[Records shown — start]
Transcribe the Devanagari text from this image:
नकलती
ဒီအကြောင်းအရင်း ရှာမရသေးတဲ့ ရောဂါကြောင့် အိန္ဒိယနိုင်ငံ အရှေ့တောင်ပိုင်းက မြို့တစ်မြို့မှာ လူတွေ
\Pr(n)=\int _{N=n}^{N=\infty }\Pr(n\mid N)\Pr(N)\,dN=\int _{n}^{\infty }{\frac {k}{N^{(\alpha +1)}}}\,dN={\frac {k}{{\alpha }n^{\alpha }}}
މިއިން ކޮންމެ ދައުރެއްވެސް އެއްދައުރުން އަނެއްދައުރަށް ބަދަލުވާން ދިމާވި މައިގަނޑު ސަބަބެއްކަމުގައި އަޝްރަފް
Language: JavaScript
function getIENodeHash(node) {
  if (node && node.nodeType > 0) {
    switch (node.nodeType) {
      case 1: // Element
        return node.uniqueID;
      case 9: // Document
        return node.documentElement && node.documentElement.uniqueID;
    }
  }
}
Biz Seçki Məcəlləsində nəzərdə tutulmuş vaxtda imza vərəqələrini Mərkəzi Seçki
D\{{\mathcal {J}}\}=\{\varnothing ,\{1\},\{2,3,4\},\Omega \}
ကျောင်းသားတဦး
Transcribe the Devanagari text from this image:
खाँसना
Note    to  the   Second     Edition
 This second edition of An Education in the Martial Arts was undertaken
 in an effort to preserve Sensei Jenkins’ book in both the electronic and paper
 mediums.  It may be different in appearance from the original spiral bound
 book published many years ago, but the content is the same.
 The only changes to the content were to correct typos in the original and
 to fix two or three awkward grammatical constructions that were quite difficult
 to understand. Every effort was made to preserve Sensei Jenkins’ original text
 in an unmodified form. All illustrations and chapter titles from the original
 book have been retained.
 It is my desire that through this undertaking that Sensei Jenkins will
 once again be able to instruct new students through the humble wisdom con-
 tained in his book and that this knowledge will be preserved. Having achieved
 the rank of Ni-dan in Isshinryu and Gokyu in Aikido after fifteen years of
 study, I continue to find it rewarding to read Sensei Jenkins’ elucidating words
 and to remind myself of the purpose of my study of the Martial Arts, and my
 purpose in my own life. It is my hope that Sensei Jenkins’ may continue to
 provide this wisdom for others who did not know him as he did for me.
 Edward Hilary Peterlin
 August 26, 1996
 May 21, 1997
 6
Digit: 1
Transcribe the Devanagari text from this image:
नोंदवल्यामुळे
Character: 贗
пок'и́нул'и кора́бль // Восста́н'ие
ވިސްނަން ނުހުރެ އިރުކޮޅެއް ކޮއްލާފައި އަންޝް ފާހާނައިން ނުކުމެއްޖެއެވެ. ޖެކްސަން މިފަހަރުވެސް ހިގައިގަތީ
[Records shown — finish]
- _Exercise details_
Your answer should be the data above, retyped in full and unaltered.

- _Answer_
Transcribe the Devanagari text from this image:
नकलती
ဒီအကြောင်းအရင်း ရှာမရသေးတဲ့ ရောဂါကြောင့် အိန္ဒိယနိုင်ငံ အရှေ့တောင်ပိုင်းက မြို့တစ်မြို့မှာ လူတွေ
\Pr(n)=\int _{N=n}^{N=\infty }\Pr(n\mid N)\Pr(N)\,dN=\int _{n}^{\infty }{\frac {k}{N^{(\alpha +1)}}}\,dN={\frac {k}{{\alpha }n^{\alpha }}}
މިއިން ކޮންމެ ދައުރެއްވެސް އެއްދައުރުން އަނެއްދައުރަށް ބަދަލުވާން ދިމާވި މައިގަނޑު ސަބަބެއްކަމުގައި އަޝްރަފް
Language: JavaScript
function getIENodeHash(node) {
  if (node && node.nodeType > 0) {
    switch (node.nodeType) {
      case 1: // Element
        return node.uniqueID;
      case 9: // Document
        return node.documentElement && node.documentElement.uniqueID;
    }
  }
}
Biz Seçki Məcəlləsində nəzərdə tutulmuş vaxtda imza vərəqələrini Mərkəzi Seçki
D\{{\mathcal {J}}\}=\{\varnothing ,\{1\},\{2,3,4\},\Omega \}
ကျောင်းသားတဦး
Transcribe the Devanagari text from this image:
खाँसना
Note    to  the   Second     Edition
 This second edition of An Education in the Martial Arts was undertaken
 in an effort to preserve Sensei Jenkins’ book in both the electronic and paper
 mediums.  It may be different in appearance from the original spiral bound
 book published many years ago, but the content is the same.
 The only changes to the content were to correct typos in the original and
 to fix two or three awkward grammatical constructions that were quite difficult
 to understand. Every effort was made to preserve Sensei Jenkins’ original text
 in an unmodified form. All illustrations and chapter titles from the original
 book have been retained.
 It is my desire that through this undertaking that Sensei Jenkins will
 once again be able to instruct new students through the humble wisdom con-
 tained in his book and that this knowledge will be preserved. Having achieved
 the rank of Ni-dan in Isshinryu and Gokyu in Aikido after fifteen years of
 study, I continue to find it rewarding to read Sensei Jenkins’ elucidating words
 and to remind myself of the purpose of my study of the Martial Arts, and my
 purpose in my own life. It is my hope that Sensei Jenkins’ may continue to
 provide this wisdom for others who did not know him as he did for me.
 Edward Hilary Peterlin
 August 26, 1996
 May 21, 1997
 6
Digit: 1
Transcribe the Devanagari text from this image:
नोंदवल्यामुळे
Character: 贗
пок'и́нул'и кора́бль // Восста́н'ие
ވިސްނަން ނުހުރެ އިރުކޮޅެއް ކޮއްލާފައި އަންޝް ފާހާނައިން ނުކުމެއްޖެއެވެ. ޖެކްސަން މިފަހަރުވެސް ހިގައިގަތީ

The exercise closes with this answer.